LECTURA PARA GENTE GRANDE: ARTE Y PUEBLO-PRIMERA PARTE. Este opúsculo fue compuesto a pedido del grupo de amigos de La Musaranga, en lunfardo hacer gestos y guiños que solo el otro, como compañero, conoce y comparte

Por Alberto Buela (*)

Enoi, oios essi . Llega a ser, lo que eres                                                                       

Así, sobre la base de textos escritos en diversas épocas y otros para la ocasión, los intentamos hilvanar con el hilo conductor de: arte y pueblo. Para hilvanar ideas de aquí y de allá hay que repensar el conjunto y ello es tarea muy ardua, toda vez que uno piensa o da por supuesto que ya todos saben lo que hemos venido pensando todos estos años. Y la dura realidad nos muestra que no es así. Son pocos los que nos conocen y muy pocos los que nos han leído.

La idea de arte y pueblo exige de entrada aclarar qué se entiende por cultura, luego qué se entiende por arte y, por último, que se entiende por pueblo.

Una vez realizada esta tarea previa, en una especie de propedéutica al asunto propuesto: la relación entre arte y pueblo. Entonces sí, estaremos en condiciones de intentar esbozar una respuesta o una sugerencia a la propuesta hecha por los amigos de La Musaranga.

I-  El círculo hermenéutico de la idea de cultura

Cada vez que escuchamos hablar de cultura o de gente culta, asociamos la idea con la gente que sabe mucho, que tiene títulos, que es léida, como decían nuestros padres, allá lejos y hace tiempo. Es por eso que ha hecho fama, a pesar de su demonización política, la frase de Goebbels: Cada vez que me hablan de cultura llevo la mano a mi revólver.
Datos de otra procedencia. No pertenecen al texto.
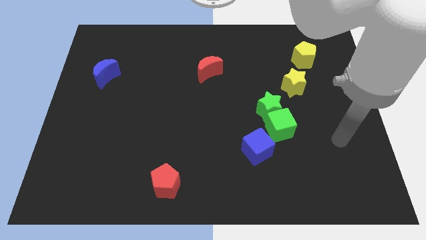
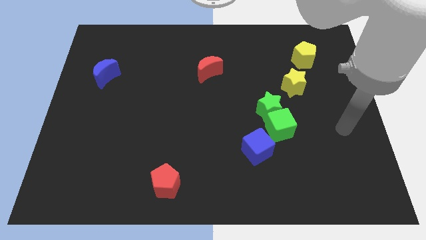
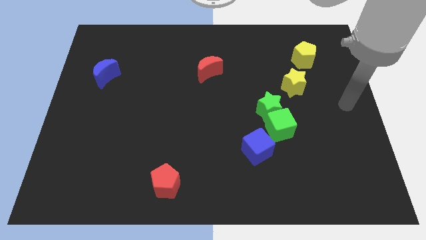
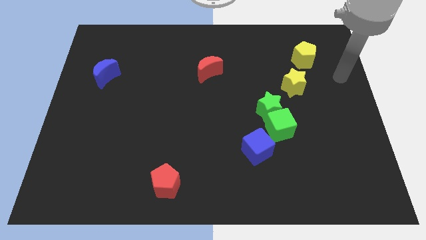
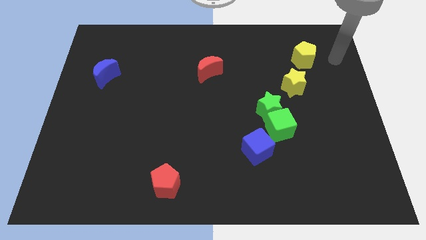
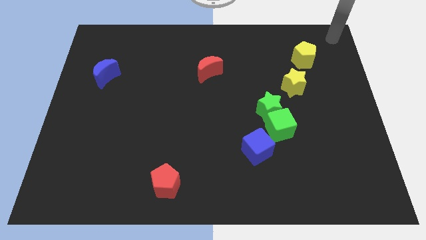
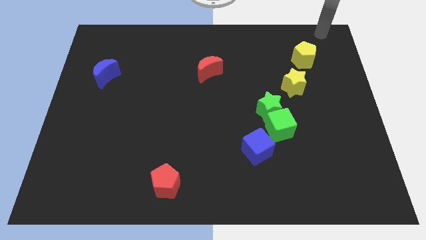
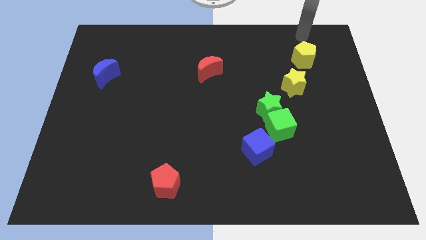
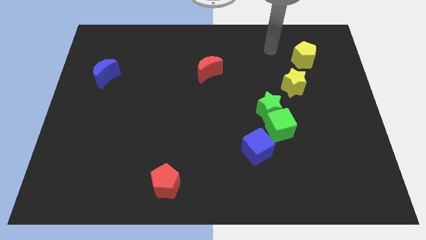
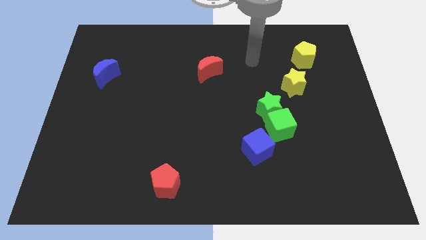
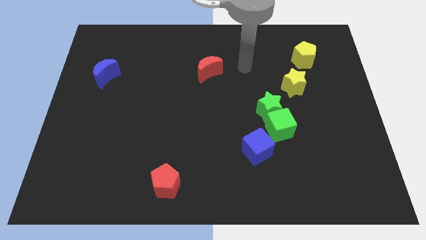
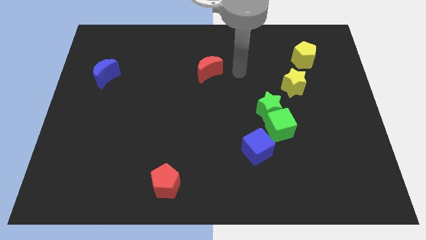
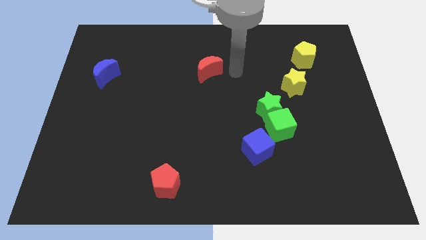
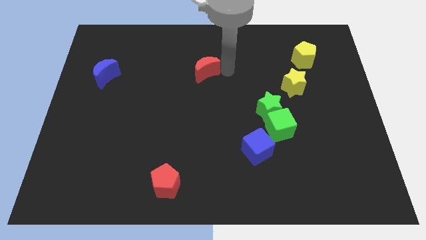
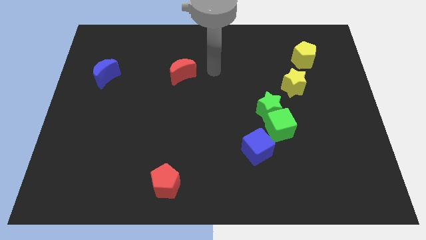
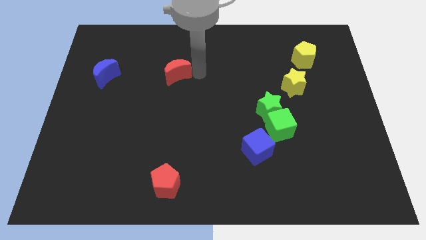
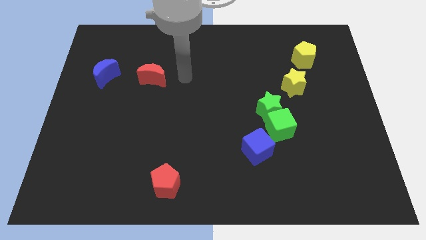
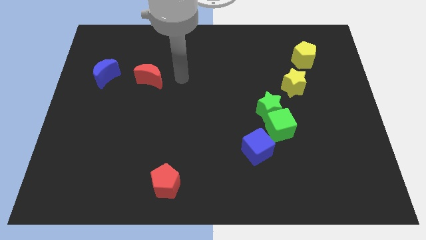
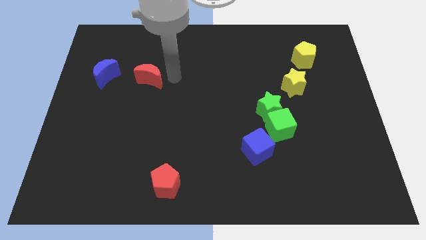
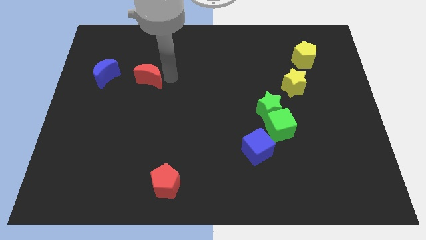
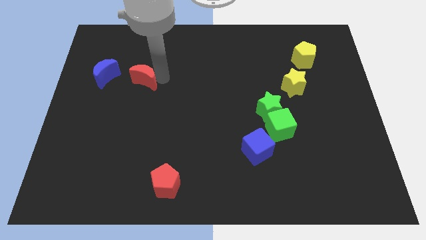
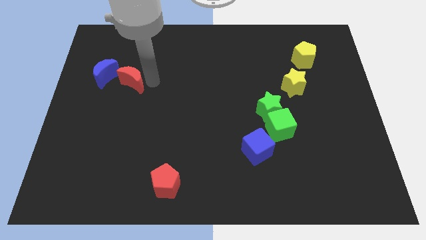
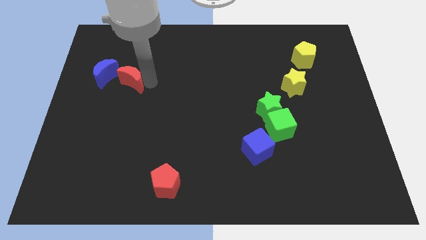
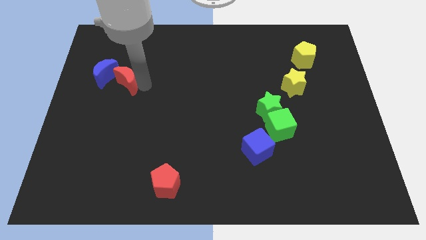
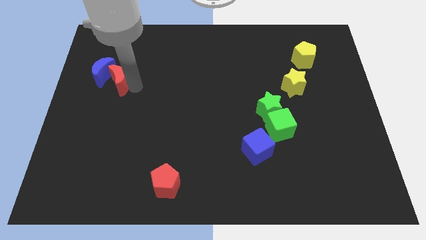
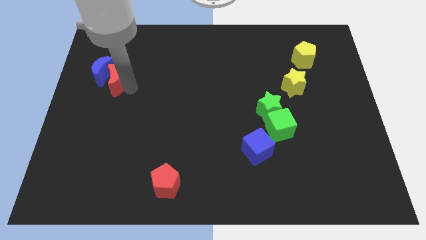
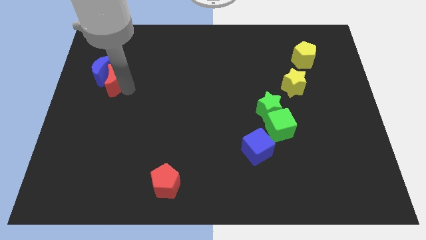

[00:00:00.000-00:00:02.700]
push the red moon towards the blue moon

Porque sintetiza mejor que nadie, en un brevísimo juicio, el rechazo del hombre común, del hombre del pueblo llano, al monopolio de la cultura que desde la época del Iluminismo para acá poseen y ejercen los ilustrados y sus academias.

CULTIVO

En cambio para nosotros cultura es el hombre manifestándose. Es todo aquello que él hace sobre la naturaleza para que ésta le otorgue lo que de suyo y espontáneamente no le da. Es por ello que el fundamento último de lo que es cultura, como su nombre lo indica, es el cultivo.

Cultura es tanto la obra del escultor sobre la piedra amorfa, como la obra del tornero sobre el hierro bruto o como la de la madre sobre la manualidad del niño, cuando le enseña a tomar el cubierto.

Vemos de entrada nomás, como esta concepción es diametralmente opuesta a esa noción libresca y académica que mencionamos al comienzo.

Suele recomendarse en filosofía, así lo han hecho, entre otros, Heidegger, Zubiri, Bollnow, Wagner de Reyna, que la primera aproximación al objeto de estudio sea a través de un acercamiento etimológico. Porque, “el lenguaje empieza y termina por hacernos señas de la esencia de una cosa”[1]. Así comprobamos que cultura proviene del verbo latino colo/cultum que significa cultivar.

Para el padre de los poetas latinos Virgilio la cultura está vinculada al genius loci (lo nacido de la tierra en un lugar determinado) y él le otorgaba tres rasgos fundamentales: clima, suelo y paisaje.

Caracterizado así el genius loci de un pueblo, éste  podía compartir con otros el clima y el paisaje pero no el suelo. Así como nosotros los argentinos compartimos el clima y paisaje con nuestros vecinos pero no compartimos el suelo. Y ello no sólo porque sea éste último donde se asienta el Estado-Nación sino, desde la perspectiva de Virgilio el suelo es para ser cultivado por el pueblo que sobre el se asienta para conservar y reproducir su propia vida y producir su propia cultura.

Enraizamiento

Pero para que un cultivo fructifique, éste debe echar buenas raíces, profundas y vigorosas que den savia a lo plantado. Toda cultura genuina exige un arraigo como lo exige toda planta para crecer lozana y fuerte, y en este sentido recordemos aquí a Simone Weil, la más original filósofa del siglo XX, cuando en su libro L´Enracinement  nos dice: el reconocimiento de la humanidad del otro, este compromiso con el otro, sólo se hace efectivo si se tienen “raíces”, sentimiento de cohesión que arraiga a las personas a una comunidad[2]“. La filósofa ha dado un paso más, pues, pasó del mero echar raíces al arraigo que siempre indica una pertenencia a una comunidad en un lugar determinado. El arraigo supone un tiempo mayor de enraizamiento.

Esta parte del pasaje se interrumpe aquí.